No Business Entertainment may be offered which comprises conduct that is illegal under any applicable law or that would expose the Firm, an associate of the Firm or any recipient of the entertainment to any civil liability.

When Business Entertainment expenses are presented to the Chief Compliance Officer for review, the Chief Compliance Officer will review the following:

  · That all expenses are documented with a receipt.
  · That the entertainment and its venue were appropriate.
  · That entertainment provided to a group is documented as to the names of the persons in that group.

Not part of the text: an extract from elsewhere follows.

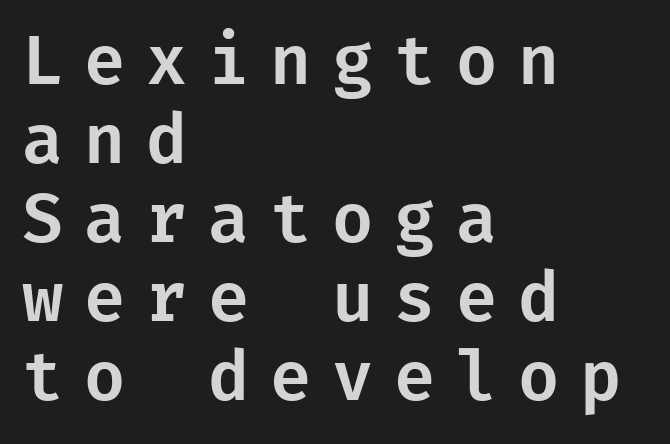
{"serif": "no", "italic": "no", "width": "normal", "stroke_contrast": "low", "x_height": "medium", "underline": "no", "align": "left", "line_spacing_ratio": 1.18, "letter_spacing": "wide", "letter_spacing_em": 0.31, "glyph_px": 67}

  · That any gift given incidental to business entertainment is recorded as such and is segregated from entertainment expense documentation. For example, purchasing a team tee shirt for $30.00 and presenting it to the recipient while attending a sporting event is considered a gift.
  · The business purpose for the entertainment.
 
Penalties for Violations of Waycross Partners, LLC’s Code of Ethics and Compliance Manual

If any person violates any provisions set forth in this Code of Ethics, the CCO shall impose such sanctions as he deems appropriate including, but not limited to, a letter of censure or termination of employment, censure, fines, freezing of one’s personal account or Securities in that account for a specified time frame.

A record of any violation of the Company’s Code of Ethics, and any action taken as a result of the violation, must be maintained in an easily accessible place for at least five years after the end of the fiscal year in which the violation occurs.